Puntos fuertes y aspectos mejorables
Puntos fuertes
- Dos pesos útiles: cubre tanto pesca de precisión (120 g) como lanzamientos y trabajo en condiciones más duras (87,5 g).
- Acción en zigzag controlable: ajustando velocidad y tirón logras una presentación bastante consistente.
- Hundimiento práctico: ayuda a pescar cuando la superficie está revuelta y los depredadores no están “arriba”.
Aspectos mejorables (en el uso real)
- Sensibilidad a la velocidad: si vas demasiado rápido o con tirones agresivos, la acción puede perder “limpieza” y volverse irregular.
- Gestión del fondo: en fondos con más relieve, necesitas leer el comportamiento (y ajustar pausa) para que el señuelo no viva en el sustrato.
- Montaje y mantenimiento: con salitre, si descuidas el enjuague, el desgaste en anzuelos y anillas aparece antes de lo deseable; conviene revisarlo sesión a sesión.
Consejo de armado: en mar con peces de dientes o fuertes (según zona), suelo montar un líder adecuado a la fauna objetivo y revisar el estado de anillas y eslabones. Además, en pencil de hundimiento va bien usar una caña que tolere la carga del lance sin dejarte una recuperación “blanda”; si la caña se te queda corta, pierdes precisión y el zigzag sale peor.

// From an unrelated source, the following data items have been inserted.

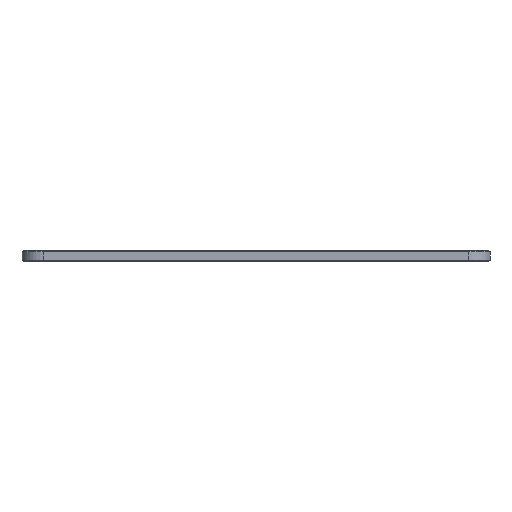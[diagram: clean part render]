
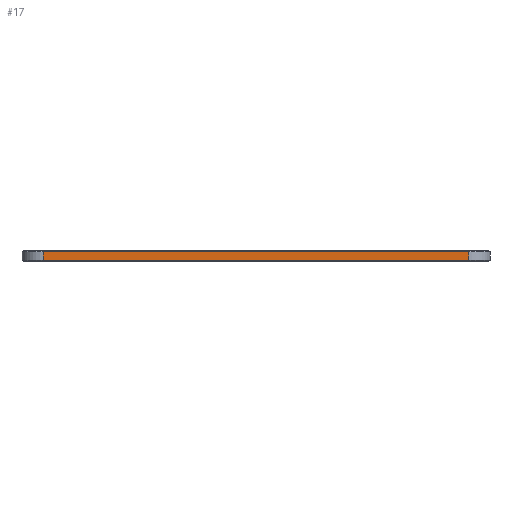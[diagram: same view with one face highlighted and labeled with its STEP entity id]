
A CAD part, front view. The second image highlights one B-rep face of the part: STEP entity #17.
In plain terms, the highlighted planar face has unit normal (0, -1, 0).
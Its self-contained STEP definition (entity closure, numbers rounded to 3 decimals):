
#17 = ADVANCED_FACE('',(#18),#32,.F.);
#18 = FACE_BOUND('',#19,.F.);
#19 = EDGE_LOOP('',(#20,#55,#83,#111));
#20 = ORIENTED_EDGE('',*,*,#21,.T.);
#21 = EDGE_CURVE('',#22,#24,#26,.T.);
#22 = VERTEX_POINT('',#23);
#23 = CARTESIAN_POINT('',(0.,-6.25,0.3));
#24 = VERTEX_POINT('',#25);
#25 = CARTESIAN_POINT('',(0.,-6.25,2.825));
#26 = SURFACE_CURVE('',#27,(#31,#43),.PCURVE_S1.);
#27 = LINE('',#28,#29);
#28 = CARTESIAN_POINT('',(0.,-6.25,0.));
#29 = VECTOR('',#30,1.);
#30 = DIRECTION('',(0.,0.,1.));
#31 = PCURVE('',#32,#37);
#32 = PLANE('',#33);
#33 = AXIS2_PLACEMENT_3D('',#34,#35,#36);
#34 = CARTESIAN_POINT('',(0.,-6.25,0.));
#35 = DIRECTION('',(0.,1.,0.));
#36 = DIRECTION('',(1.,0.,0.));
#37 = DEFINITIONAL_REPRESENTATION('',(#38),#42);
#38 = LINE('',#39,#40);
#39 = CARTESIAN_POINT('',(0.,0.));
#40 = VECTOR('',#41,1.);
#41 = DIRECTION('',(0.,-1.));
#42 = ( GEOMETRIC_REPRESENTATION_CONTEXT(2) 
PARAMETRIC_REPRESENTATION_CONTEXT() REPRESENTATION_CONTEXT('2D SPACE',''
  ) );
#43 = PCURVE('',#44,#49);
#44 = CYLINDRICAL_SURFACE('',#45,6.25);
#45 = AXIS2_PLACEMENT_3D('',#46,#47,#48);
#46 = CARTESIAN_POINT('',(0.,0.,0.));
#47 = DIRECTION('',(-0.,-0.,-1.));
#48 = DIRECTION('',(1.,0.,0.));
#49 = DEFINITIONAL_REPRESENTATION('',(#50),#54);
#50 = LINE('',#51,#52);
#51 = CARTESIAN_POINT('',(-4.712,0.));
#52 = VECTOR('',#53,1.);
#53 = DIRECTION('',(-0.,-1.));
#54 = ( GEOMETRIC_REPRESENTATION_CONTEXT(2) 
PARAMETRIC_REPRESENTATION_CONTEXT() REPRESENTATION_CONTEXT('2D SPACE',''
  ) );
#55 = ORIENTED_EDGE('',*,*,#56,.T.);
#56 = EDGE_CURVE('',#24,#57,#59,.T.);
#57 = VERTEX_POINT('',#58);
#58 = CARTESIAN_POINT('',(125.,-6.25,2.825));
#59 = SURFACE_CURVE('',#60,(#64,#71),.PCURVE_S1.);
#60 = LINE('',#61,#62);
#61 = CARTESIAN_POINT('',(0.,-6.25,2.825));
#62 = VECTOR('',#63,1.);
#63 = DIRECTION('',(1.,0.,0.));
#64 = PCURVE('',#32,#65);
#65 = DEFINITIONAL_REPRESENTATION('',(#66),#70);
#66 = LINE('',#67,#68);
#67 = CARTESIAN_POINT('',(0.,-2.825));
#68 = VECTOR('',#69,1.);
#69 = DIRECTION('',(1.,0.));
#70 = ( GEOMETRIC_REPRESENTATION_CONTEXT(2) 
PARAMETRIC_REPRESENTATION_CONTEXT() REPRESENTATION_CONTEXT('2D SPACE',''
  ) );
#71 = PCURVE('',#72,#77);
#72 = PLANE('',#73);
#73 = AXIS2_PLACEMENT_3D('',#74,#75,#76);
#74 = CARTESIAN_POINT('',(0.,-6.1,2.975));
#75 = DIRECTION('',(0.,0.707,-0.707));
#76 = DIRECTION('',(-1.,-0.,-0.));
#77 = DEFINITIONAL_REPRESENTATION('',(#78),#82);
#78 = LINE('',#79,#80);
#79 = CARTESIAN_POINT('',(-0.,-0.212));
#80 = VECTOR('',#81,1.);
#81 = DIRECTION('',(-1.,0.));
#82 = ( GEOMETRIC_REPRESENTATION_CONTEXT(2) 
PARAMETRIC_REPRESENTATION_CONTEXT() REPRESENTATION_CONTEXT('2D SPACE',''
  ) );
#83 = ORIENTED_EDGE('',*,*,#84,.F.);
#84 = EDGE_CURVE('',#85,#57,#87,.T.);
#85 = VERTEX_POINT('',#86);
#86 = CARTESIAN_POINT('',(125.,-6.25,0.3));
#87 = SURFACE_CURVE('',#88,(#92,#99),.PCURVE_S1.);
#88 = LINE('',#89,#90);
#89 = CARTESIAN_POINT('',(125.,-6.25,0.));
#90 = VECTOR('',#91,1.);
#91 = DIRECTION('',(0.,0.,1.));
#92 = PCURVE('',#32,#93);
#93 = DEFINITIONAL_REPRESENTATION('',(#94),#98);
#94 = LINE('',#95,#96);
#95 = CARTESIAN_POINT('',(125.,0.));
#96 = VECTOR('',#97,1.);
#97 = DIRECTION('',(0.,-1.));
#98 = ( GEOMETRIC_REPRESENTATION_CONTEXT(2) 
PARAMETRIC_REPRESENTATION_CONTEXT() REPRESENTATION_CONTEXT('2D SPACE',''
  ) );
#99 = PCURVE('',#100,#105);
#100 = CYLINDRICAL_SURFACE('',#101,6.25);
#101 = AXIS2_PLACEMENT_3D('',#102,#103,#104);
#102 = CARTESIAN_POINT('',(125.,0.,0.));
#103 = DIRECTION('',(-0.,-0.,-1.));
#104 = DIRECTION('',(1.,0.,0.));
#105 = DEFINITIONAL_REPRESENTATION('',(#106),#110);
#106 = LINE('',#107,#108);
#107 = CARTESIAN_POINT('',(-4.712,0.));
#108 = VECTOR('',#109,1.);
#109 = DIRECTION('',(-0.,-1.));
#110 = ( GEOMETRIC_REPRESENTATION_CONTEXT(2) 
PARAMETRIC_REPRESENTATION_CONTEXT() REPRESENTATION_CONTEXT('2D SPACE',''
  ) );
#111 = ORIENTED_EDGE('',*,*,#112,.F.);
#112 = EDGE_CURVE('',#22,#85,#113,.T.);
#113 = SURFACE_CURVE('',#114,(#118,#125),.PCURVE_S1.);
#114 = LINE('',#115,#116);
#115 = CARTESIAN_POINT('',(0.,-6.25,0.3));
#116 = VECTOR('',#117,1.);
#117 = DIRECTION('',(1.,0.,0.));
#118 = PCURVE('',#32,#119);
#119 = DEFINITIONAL_REPRESENTATION('',(#120),#124);
#120 = LINE('',#121,#122);
#121 = CARTESIAN_POINT('',(0.,-0.3));
#122 = VECTOR('',#123,1.);
#123 = DIRECTION('',(1.,0.));
#124 = ( GEOMETRIC_REPRESENTATION_CONTEXT(2) 
PARAMETRIC_REPRESENTATION_CONTEXT() REPRESENTATION_CONTEXT('2D SPACE',''
  ) );
#125 = PCURVE('',#126,#131);
#126 = PLANE('',#127);
#127 = AXIS2_PLACEMENT_3D('',#128,#129,#130);
#128 = CARTESIAN_POINT('',(0.,-6.1,0.15));
#129 = DIRECTION('',(0.,-0.707,-0.707));
#130 = DIRECTION('',(-1.,-0.,-0.));
#131 = DEFINITIONAL_REPRESENTATION('',(#132),#136);
#132 = LINE('',#133,#134);
#133 = CARTESIAN_POINT('',(-0.,-0.212));
#134 = VECTOR('',#135,1.);
#135 = DIRECTION('',(-1.,0.));
#136 = ( GEOMETRIC_REPRESENTATION_CONTEXT(2) 
PARAMETRIC_REPRESENTATION_CONTEXT() REPRESENTATION_CONTEXT('2D SPACE',''
  ) );

Para mantenimiento, el hábito que marca la diferencia es claro: enjuagar con agua dulce nada más terminar, secar bien y guardar con el señuelo completamente seco. Si notas rebabas en anzuelos o microoxidación en anillas, es mejor sustituir antes de la próxima salida que jugar a “a ver si aguanta”.
Veredicto del experto
Yo lo veo como un pencil de hundimiento orientado a lance largo y nado zigzag con dos escalones de trabajo muy coherentes: el 120 mm / 57 g para controlar planos y ser fino en costa, y el 135 mm / 87,5 g para cuando quieres estabilidad en corriente, más alcance y mejor respuesta con viento y mar movido. Si te gusta trabajar depredadores con una recuperación constante pero modulable (sin pasarte de aceleración), es un formato que encaja muy bien en una caja de pesca de mar moderna.
Si buscas un señuelo para rastras suaves en aguas muy someras y tranquilas, quizá te compense otro tipo de lápiz menos cargado; pero si tu objetivo es que el señuelo llegue lejos, caiga donde debe y mantenga el zigzag durante la recogida, aquí tienes una herramienta bastante completa para varias modalidades de costa y embarcación.